# Supplied records
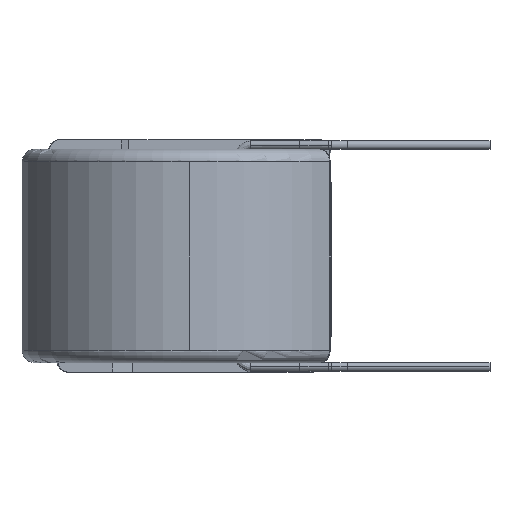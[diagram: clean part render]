
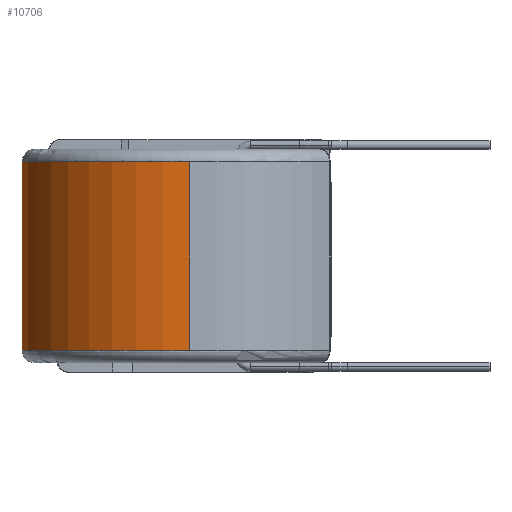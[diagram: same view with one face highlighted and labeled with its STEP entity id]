
A CAD part, left-side view. The second image highlights one B-rep face of the part: STEP entity #10706.
In plain terms, the highlighted cylindrical face has radius 16 mm (diameter 32 mm), a partial arc.
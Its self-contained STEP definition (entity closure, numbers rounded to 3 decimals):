
#33 = VERTEX_POINT ( 'NONE', #7593 ) ;
#520 = CARTESIAN_POINT ( 'NONE',  ( -16., 0., 10.1 ) ) ;
#1073 = CIRCLE ( 'NONE', #1470, 16. ) ;
#1470 = AXIS2_PLACEMENT_3D ( 'NONE', #6114, #3089, #5201 ) ;
#1789 = CARTESIAN_POINT ( 'NONE',  ( 0., 0., 10.1 ) ) ;
#1865 = LINE ( 'NONE', #520, #13457 ) ;
#2058 = VERTEX_POINT ( 'NONE', #4534 ) ;
#2919 = ORIENTED_EDGE ( 'NONE', *, *, #5854, .F. ) ;
#3089 = DIRECTION ( 'NONE',  ( 0., 0., 1. ) ) ;
#3355 = AXIS2_PLACEMENT_3D ( 'NONE', #1789, #8753, #10794 ) ;
#3802 = CARTESIAN_POINT ( 'NONE',  ( -2.051, 15.868, 10.1 ) ) ;
#4526 = CYLINDRICAL_SURFACE ( 'NONE', #3355, 16. ) ;
#4534 = CARTESIAN_POINT ( 'NONE',  ( -16., 0., 8.9 ) ) ;
#4710 = VERTEX_POINT ( 'NONE', #10997 ) ;
#5003 = VECTOR ( 'NONE', #7191, 1000. ) ;
#5201 = DIRECTION ( 'NONE',  ( 1., 0., 0. ) ) ;
#5379 = AXIS2_PLACEMENT_3D ( 'NONE', #8018, #12355, #12452 ) ;
#5854 = EDGE_CURVE ( 'NONE', #2058, #10539, #1865, .T. ) ;
#6114 = CARTESIAN_POINT ( 'NONE',  ( 0., 0., -8.9 ) ) ;
#6191 = ORIENTED_EDGE ( 'NONE', *, *, #9418, .T. ) ;
#7191 = DIRECTION ( 'NONE',  ( 0., 0., -1. ) ) ;
#7593 = CARTESIAN_POINT ( 'NONE',  ( -2.051, 15.868, -8.9 ) ) ;
#8018 = CARTESIAN_POINT ( 'NONE',  ( 0., 0., 8.9 ) ) ;
#8172 = CARTESIAN_POINT ( 'NONE',  ( -16., 0., -8.9 ) ) ;
#8753 = DIRECTION ( 'NONE',  ( 0., 0., -1. ) ) ;
#8955 = ORIENTED_EDGE ( 'NONE', *, *, #14123, .T. ) ;
#9148 = CIRCLE ( 'NONE', #5379, 16. ) ;
#9418 = EDGE_CURVE ( 'NONE', #2058, #4710, #9148, .T. ) ;
#10539 = VERTEX_POINT ( 'NONE', #8172 ) ;
#10706 = ADVANCED_FACE ( 'NONE', ( #14205 ), #4526, .T. ) ;
#10794 = DIRECTION ( 'NONE',  ( -1., 0., 0. ) ) ;
#10997 = CARTESIAN_POINT ( 'NONE',  ( -2.051, 15.868, 8.9 ) ) ;
#11667 = DIRECTION ( 'NONE',  ( 0., 0., -1. ) ) ;
#12355 = DIRECTION ( 'NONE',  ( 0., 0., -1. ) ) ;
#12452 = DIRECTION ( 'NONE',  ( 1., 0., 0. ) ) ;
#13155 = EDGE_LOOP ( 'NONE', ( #2919, #6191, #13507, #8955 ) ) ;
#13248 = EDGE_CURVE ( 'NONE', #4710, #33, #14516, .T. ) ;
#13457 = VECTOR ( 'NONE', #11667, 1000. ) ;
#13507 = ORIENTED_EDGE ( 'NONE', *, *, #13248, .T. ) ;
#14123 = EDGE_CURVE ( 'NONE', #33, #10539, #1073, .T. ) ;
#14205 = FACE_OUTER_BOUND ( 'NONE', #13155, .T. ) ;
#14516 = LINE ( 'NONE', #3802, #5003 ) ;

# Task objective
Scan the records above and report every line with the string "CIRCLE".

# Completed task
#1073 = CIRCLE ( 'NONE', #1470, 16. ) ;
#9148 = CIRCLE ( 'NONE', #5379, 16. ) ;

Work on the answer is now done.